* [Exercise details]:
From the listing below, copy each line that holds "italic".

* [Data under study]:
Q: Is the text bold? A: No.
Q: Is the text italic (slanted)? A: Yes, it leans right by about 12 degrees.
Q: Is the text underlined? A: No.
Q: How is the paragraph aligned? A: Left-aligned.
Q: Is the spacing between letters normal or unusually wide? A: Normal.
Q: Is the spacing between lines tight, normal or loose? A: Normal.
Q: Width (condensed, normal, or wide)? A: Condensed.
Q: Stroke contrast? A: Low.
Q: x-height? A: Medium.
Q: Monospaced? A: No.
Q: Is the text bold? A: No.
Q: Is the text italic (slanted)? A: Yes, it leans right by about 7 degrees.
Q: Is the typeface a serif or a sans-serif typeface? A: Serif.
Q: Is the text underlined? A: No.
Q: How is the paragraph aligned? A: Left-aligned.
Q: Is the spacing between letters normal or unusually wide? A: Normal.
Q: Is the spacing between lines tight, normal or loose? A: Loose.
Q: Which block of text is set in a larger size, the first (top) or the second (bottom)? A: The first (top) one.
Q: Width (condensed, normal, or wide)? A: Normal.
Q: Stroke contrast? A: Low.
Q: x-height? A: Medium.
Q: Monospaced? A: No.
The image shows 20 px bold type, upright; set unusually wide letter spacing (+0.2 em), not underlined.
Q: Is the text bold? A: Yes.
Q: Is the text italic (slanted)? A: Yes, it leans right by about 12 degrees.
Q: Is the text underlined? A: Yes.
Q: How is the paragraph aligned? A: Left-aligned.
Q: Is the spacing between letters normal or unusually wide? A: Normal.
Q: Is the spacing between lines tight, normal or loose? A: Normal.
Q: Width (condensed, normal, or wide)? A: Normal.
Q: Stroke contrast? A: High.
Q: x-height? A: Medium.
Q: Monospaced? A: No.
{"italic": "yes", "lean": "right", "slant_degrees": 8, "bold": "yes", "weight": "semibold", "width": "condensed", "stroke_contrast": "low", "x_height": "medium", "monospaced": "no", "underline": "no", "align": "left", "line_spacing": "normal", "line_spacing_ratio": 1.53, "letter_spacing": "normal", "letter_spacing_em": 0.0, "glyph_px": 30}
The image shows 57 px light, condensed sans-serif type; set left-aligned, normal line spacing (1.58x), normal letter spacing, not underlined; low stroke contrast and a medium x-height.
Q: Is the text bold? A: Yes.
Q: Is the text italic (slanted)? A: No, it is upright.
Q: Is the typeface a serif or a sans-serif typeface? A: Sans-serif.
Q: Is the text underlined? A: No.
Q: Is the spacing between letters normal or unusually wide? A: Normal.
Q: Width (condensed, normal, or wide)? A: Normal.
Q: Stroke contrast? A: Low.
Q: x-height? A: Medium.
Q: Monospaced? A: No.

* [Written response]:
Q: Is the text italic (slanted)? A: Yes, it leans right by about 12 degrees.
Q: Is the text italic (slanted)? A: Yes, it leans right by about 7 degrees.
Q: Is the text italic (slanted)? A: Yes, it leans right by about 12 degrees.
{"italic": "yes", "lean": "right", "slant_degrees": 8, "bold": "yes", "weight": "semibold", "width": "condensed", "stroke_contrast": "low", "x_height": "medium", "monospaced": "no", "underline": "no", "align": "left", "line_spacing": "normal", "line_spacing_ratio": 1.53, "letter_spacing": "normal", "letter_spacing_em": 0.0, "glyph_px": 30}
Q: Is the text italic (slanted)? A: No, it is upright.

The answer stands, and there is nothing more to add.